Lesson: Fitting programs can badly underestimate errors when systematic calibration errors are present.
Comment: If a high precision resistance measurement is required there is no substitute for making sure that when the DMM reads 1.00000 V the actual voltage is also 1.00000 V. Calibration services exist to periodically (typically annually) check that the meters read true.
If the maximum applied voltage in the resistance experiment is changed from ±10 V to ±40 V a new problem arises. The reduced χ^{2} for a linear fit balloons by a factor of about 50. The problem here is that our simple model for the resistor V=R I (where R is a constant) ignores the dependence of resistance on temperature.
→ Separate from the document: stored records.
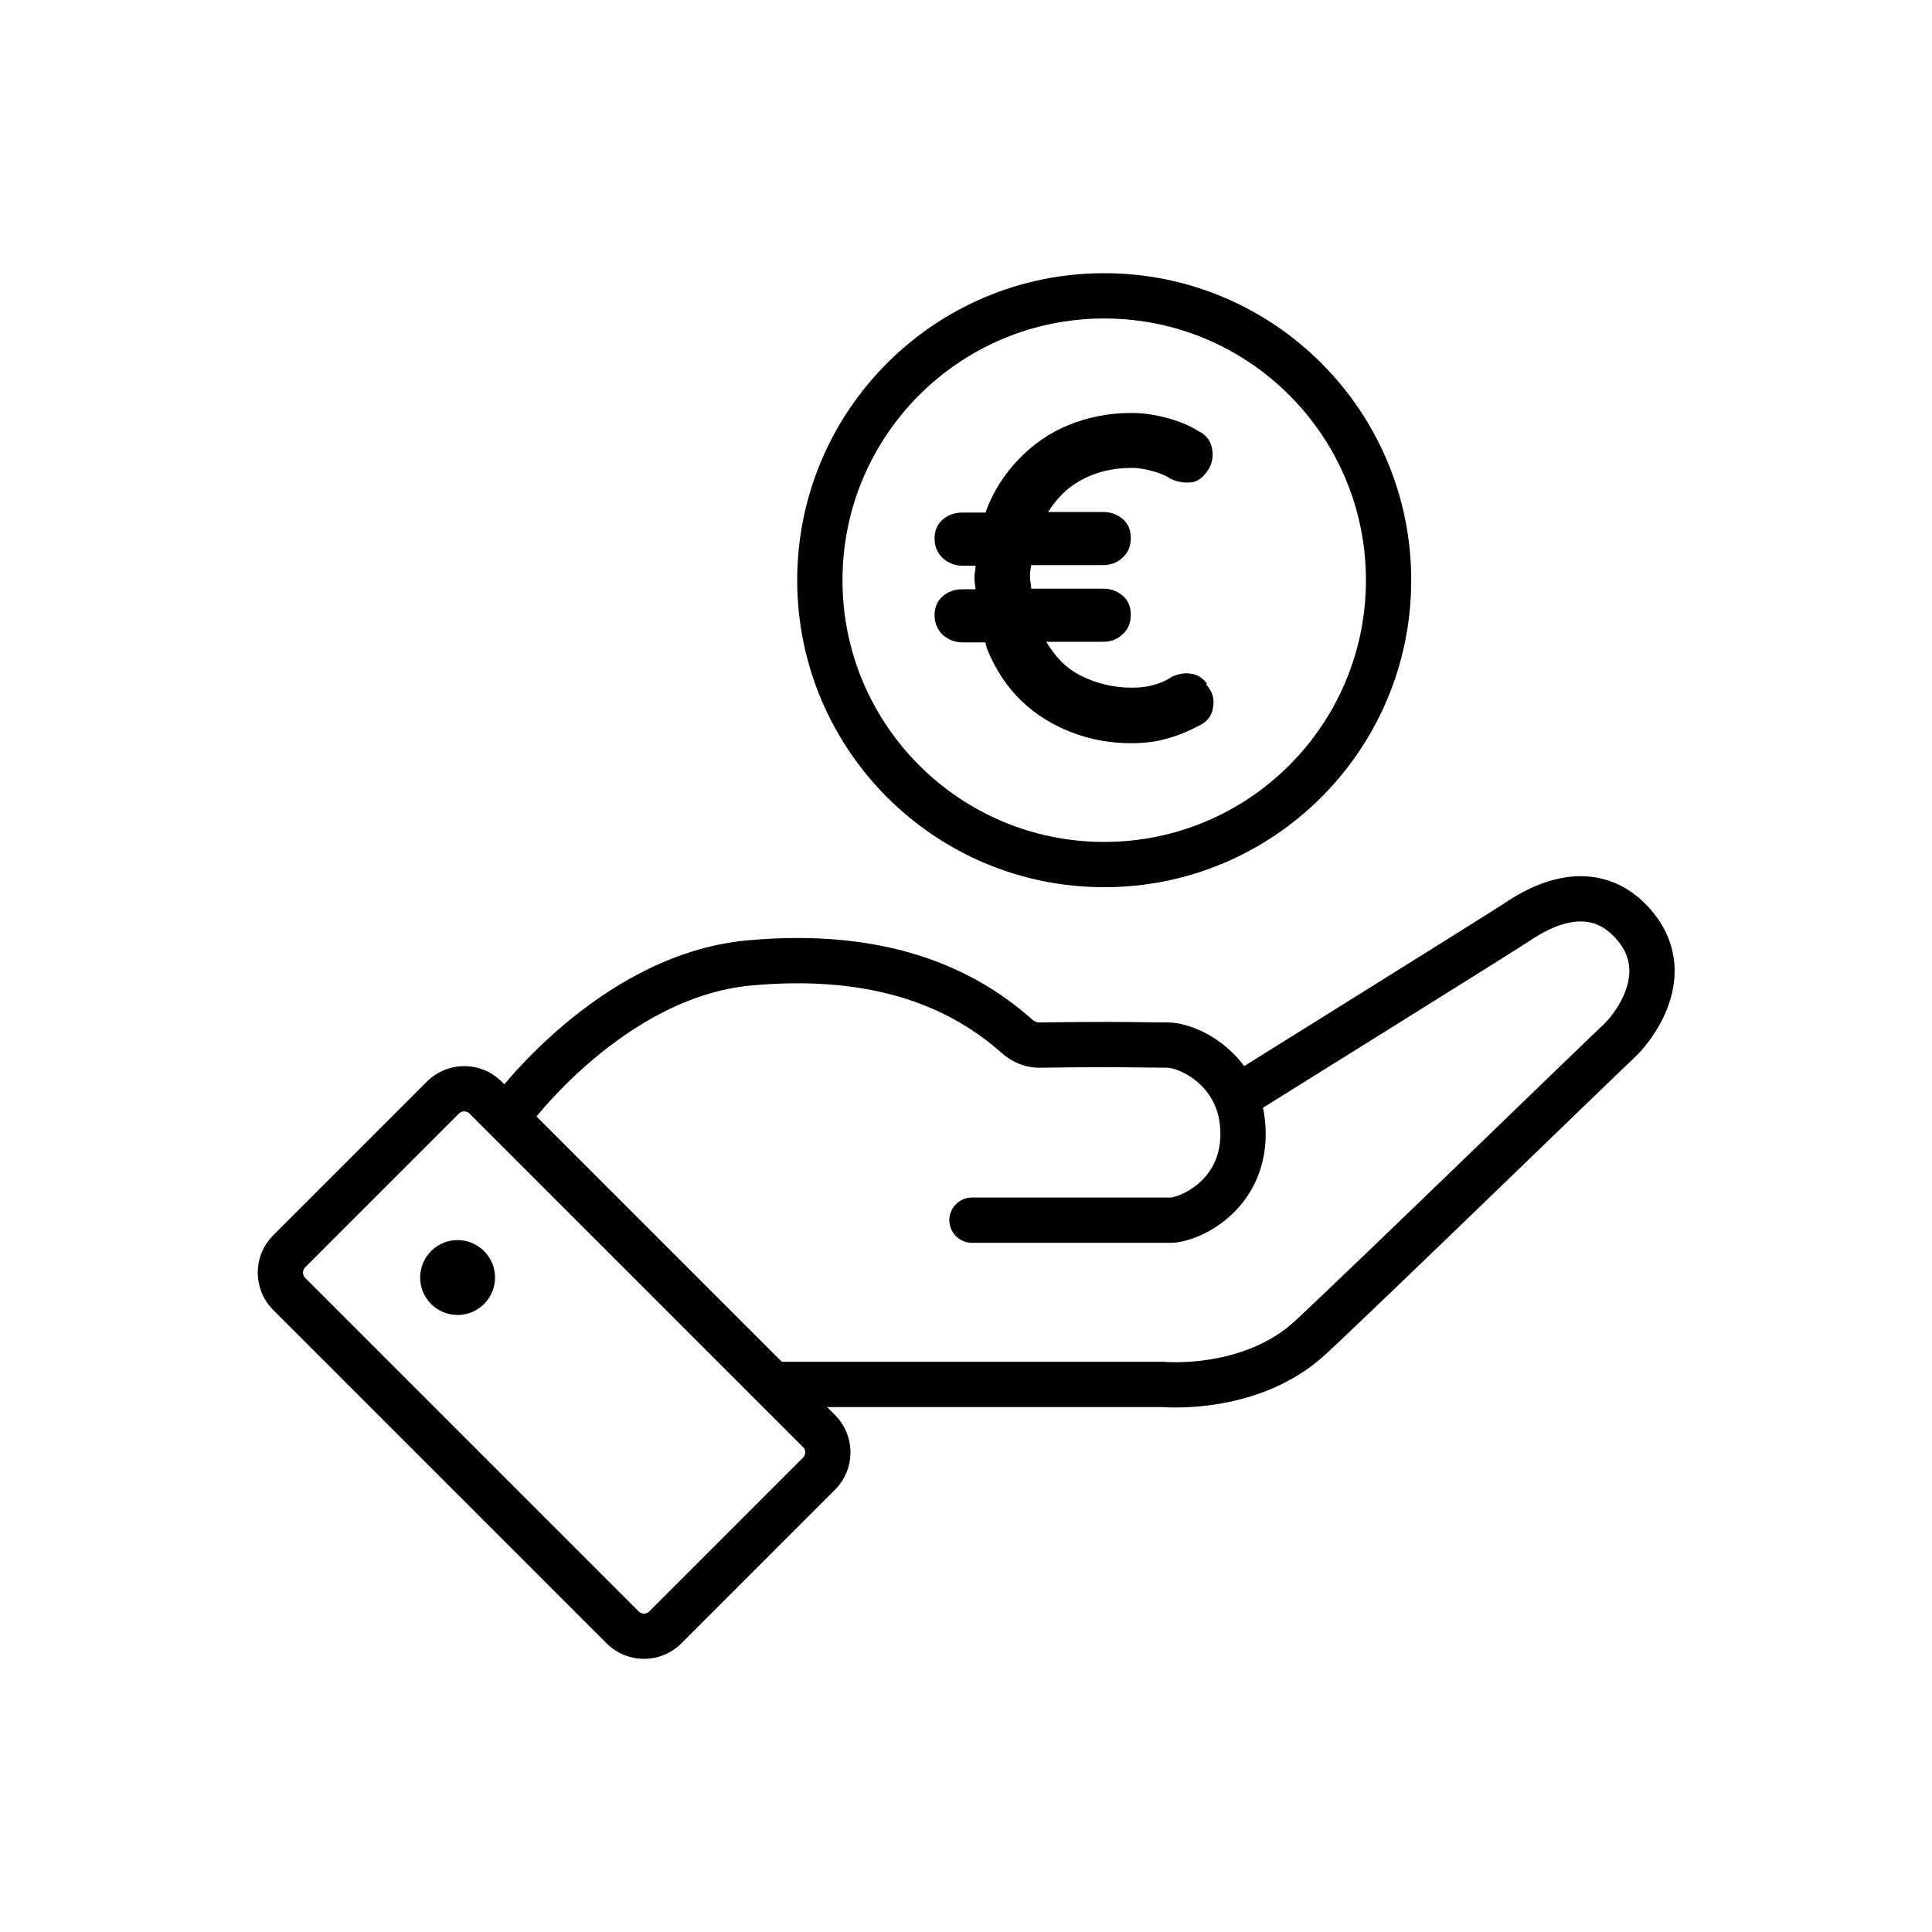 <svg width="128" height="128" viewBox="0 0 128 128" fill="none" xmlns="http://www.w3.org/2000/svg">
<path d="M51.476 91.72H77.036C77.036 91.72 82.876 92.28 86.836 88.6C90.796 84.92 106.356 69.8 107.236 69C108.116 68.2 111.156 64.48 108.156 61.16C105.196 57.88 101.356 60.52 100.396 61.16C99.436 61.8 82.236 72.52 82.236 72.52" stroke="black" stroke-width="3" stroke-linecap="round" stroke-linejoin="round"/>
<path d="M33.796 73.76C33.796 73.76 40.396 64.68 49.596 63.8C58.236 63 63.716 65.4 67.356 68.64C67.796 69.04 68.396 69.28 68.996 69.24C73.996 69.16 76.036 69.24 77.356 69.24C78.796 69.24 82.356 70.96 82.356 75.12C82.356 79.28 78.716 80.84 77.556 80.84H64.396" stroke="black" stroke-width="3" stroke-linecap="round" stroke-linejoin="round"/>
<path d="M54.262 94.808L32.172 72.718C31.39 71.937 30.124 71.937 29.343 72.718L19.161 82.9C18.38 83.681 18.38 84.948 19.161 85.729L41.251 107.819C42.032 108.6 43.298 108.6 44.079 107.819L54.262 97.636C55.043 96.855 55.043 95.589 54.262 94.808Z" stroke="black" stroke-width="3" stroke-linecap="round" stroke-linejoin="round"/>
<path d="M30.317 87.12C31.687 87.12 32.797 86.01 32.797 84.64C32.797 83.27 31.687 82.16 30.317 82.16C28.947 82.16 27.837 83.27 27.837 84.64C27.837 86.01 28.947 87.12 30.317 87.12Z" fill="black"/>
<path d="M73.157 57.28C83.562 57.28 91.997 48.845 91.997 38.44C91.997 28.035 83.562 19.6 73.157 19.6C62.752 19.6 54.317 28.035 54.317 38.44C54.317 48.845 62.752 57.28 73.157 57.28Z" stroke="black" stroke-width="3" stroke-linecap="round" stroke-linejoin="round"/>
<path d="M79.957 45.28C79.677 44.92 79.317 44.68 78.918 44.64C78.517 44.56 78.078 44.64 77.638 44.84C77.237 45.12 76.797 45.28 76.358 45.4C75.918 45.52 75.478 45.56 74.998 45.56C73.757 45.56 72.638 45.28 71.597 44.76C70.638 44.28 69.918 43.52 69.317 42.52H73.078C73.597 42.52 74.037 42.36 74.397 42C74.757 41.68 74.918 41.24 74.918 40.72C74.918 40.2 74.757 39.8 74.397 39.48C74.037 39.16 73.597 39 73.078 39H68.317C68.317 38.72 68.237 38.48 68.237 38.2C68.237 37.92 68.278 37.72 68.317 37.44H73.078C73.597 37.44 74.037 37.28 74.397 36.92C74.757 36.6 74.918 36.16 74.918 35.64C74.918 35.12 74.757 34.72 74.397 34.4C74.037 34.08 73.597 33.92 73.078 33.92H69.438C69.957 33.12 70.597 32.4 71.438 31.92C72.438 31.32 73.638 31 74.957 31C75.438 31 75.877 31.08 76.317 31.2C76.757 31.32 77.198 31.48 77.558 31.72C77.998 31.92 78.397 32 78.838 31.96C79.237 31.96 79.597 31.72 79.877 31.36C80.278 30.88 80.397 30.36 80.317 29.8C80.237 29.24 79.918 28.8 79.397 28.56C78.757 28.16 78.037 27.88 77.278 27.68C76.517 27.48 75.757 27.36 74.957 27.36C73.438 27.36 72.078 27.64 70.797 28.16C69.517 28.68 68.438 29.44 67.478 30.44C66.558 31.4 65.797 32.56 65.317 33.88C65.317 33.88 65.317 33.92 65.317 33.96H63.758C63.237 33.96 62.797 34.12 62.438 34.44C62.078 34.76 61.917 35.2 61.917 35.68C61.917 36.16 62.078 36.6 62.438 36.96C62.797 37.28 63.237 37.48 63.758 37.48H64.638C64.638 37.72 64.558 37.96 64.558 38.24C64.558 38.52 64.597 38.76 64.638 39.04H63.758C63.237 39.04 62.797 39.2 62.438 39.52C62.078 39.84 61.917 40.28 61.917 40.76C61.917 41.24 62.078 41.68 62.438 42.04C62.797 42.36 63.237 42.56 63.758 42.56H65.278C65.278 42.56 65.358 42.88 65.397 43C65.957 44.36 66.718 45.52 67.677 46.44C68.638 47.36 69.757 48.04 70.998 48.52C72.237 49 73.558 49.24 74.957 49.24C75.478 49.24 75.998 49.2 76.517 49.12C76.998 49.04 77.517 48.88 77.998 48.72C78.478 48.56 78.957 48.32 79.438 48.08C79.957 47.84 80.278 47.44 80.358 46.92C80.478 46.36 80.358 45.84 79.918 45.36L79.957 45.28Z" fill="black"/>
</svg>
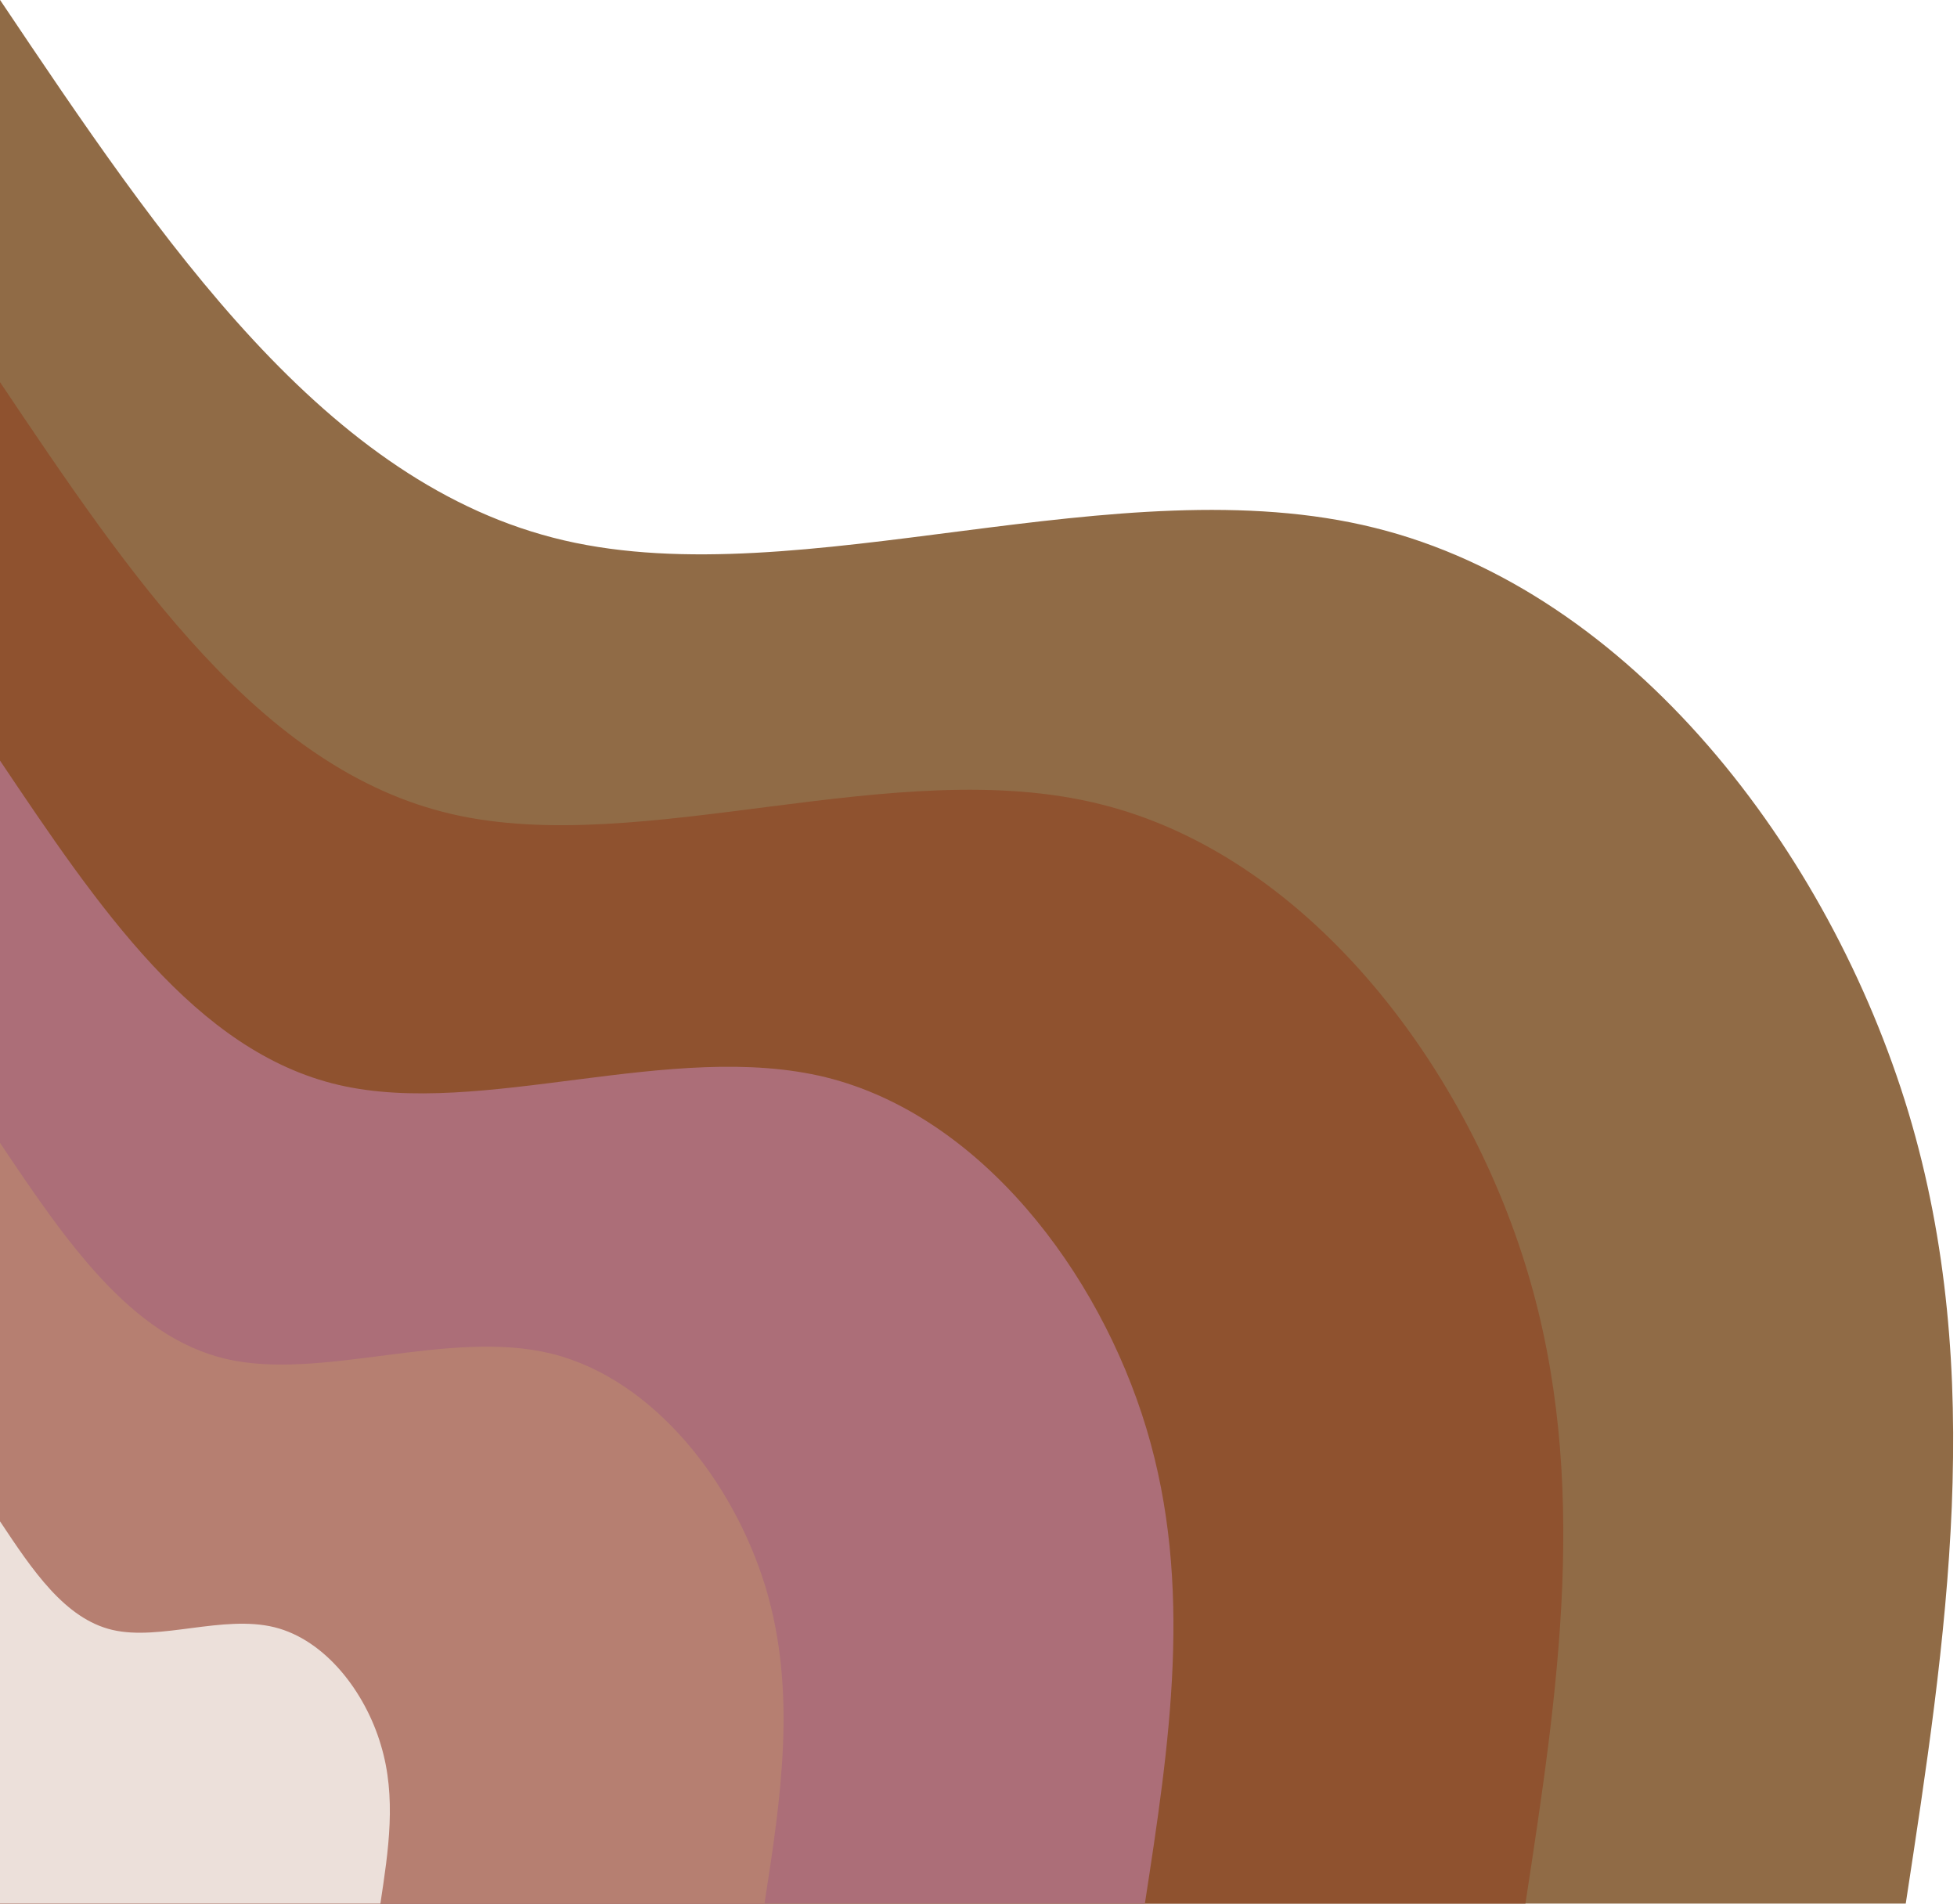 <?xml version="1.0" encoding="UTF-8" standalone="no"?><svg xmlns="http://www.w3.org/2000/svg" xmlns:xlink="http://www.w3.org/1999/xlink" fill="#000000" height="498" overflow="hidden" preserveAspectRatio="xMidYMid meet" version="1" viewBox="1.0 1.1 512.0 498.0" width="512" zoomAndPan="magnify"><defs><clipPath id="a"><path d="M-1 221H512V721H-1z"/></clipPath></defs><g clip-path="url(#a)" fill-rule="evenodd" transform="translate(1 -221)"><g id="change1_1"><path d="M0 222.063C42.565 285.463 85.13 348.963 147.579 363.463 210.028 377.963 292.46 343.463 359.605 360.163 426.75 376.763 478.607 444.563 499.29 513.063 519.873 581.563 509.182 650.863 498.591 720.063L0 720.063Z" fill="#906b46"/></g><g id="change2_1"><path d="M0 322.063C34.091 372.812 68.081 423.461 118.167 435.049 168.154 446.638 234.136 419.066 287.821 432.452 341.606 445.739 383.095 499.884 399.59 554.629 416.086 609.374 407.588 664.719 399.09 720.063L0 720.063Z" fill="#8f522f"/></g><g id="change3_1"><path d="M0 421.063C25.611 459.189 51.122 497.214 88.638 505.92 126.154 514.626 175.675 494.012 216.093 503.918 256.41 513.925 287.523 554.652 299.929 595.78 312.334 636.907 305.931 678.535 299.529 720.063L0 720.063Z" fill="#ac6e78"/></g><g id="change4_1"><path d="M0 521.063C17.035 546.437 34.17 571.812 59.221 577.606 84.272 583.4 117.34 569.614 144.295 576.208 171.149 582.901 191.992 609.974 200.309 637.346 208.526 664.719 204.317 692.391 200.008 720.063L0 720.063Z" fill="#b67f71"/></g><g id="change5_1"><path d="M0 620.063C8.476 632.814 16.952 645.565 29.417 648.477 41.882 651.389 58.336 644.461 71.798 647.774 85.16 651.087 95.531 664.742 99.62 678.497 103.808 692.252 101.614 706.208 99.52 720.063L0 720.063Z" fill="#ece0da"/></g></g></svg>

At the extremes of voltage (±40 V) about 1/3 W of heat is being dumped into the resistor: it will not remain at room temperature. If we modify the model equation to include power's influence on temperature and hence on resistance, say:
V = B(1 + β I^{2}) I
(where fitting constant B represents the room temperature resistance and β is a factor allowing the electrical power dissipated in the resistor to influence that resistance), we return to the (too small) value of reduced χ^{2} seen with linear fits to lower voltage data. You might guess that the solution to this "problem" is to always use the most accurate model of the system under study. However it is known that that resistance of resistors depends on pressure, magnetic field, ambient radiation, and its history of exposure to these quantities. Very commonly we simply don't care about things at this level of detail and seek the fewest possible parameters to "adequately" describe the system. A resistor subjected to extremes of voltage does not actually have a resistance. Nevertheless that single number does go a long way in describing the resistor. With luck, the fit parameters of a toosimple model have some resemblance to reality. In the case of a single resistance, the resulting value is something of an average of the high and low temperature resistances. In these circumstances it is unlikely that the reported error in a fit parameter has any significant connection to reality (like the difference between the high and low temperature resistances) since the error will depend on the number of data points used.
Lesson: We are always fitting lessthanperfect theories to lessthanperfect data. The meaning of the resulting parameters (and certainly the error in those parameters) is never immediately clear: judgment is almost always required.
The quote often attributed to Einstein: "things should be made as simple as possible, but not simpler" I hope makes clear that part of art of physics is to recognize the fruitful simplifications.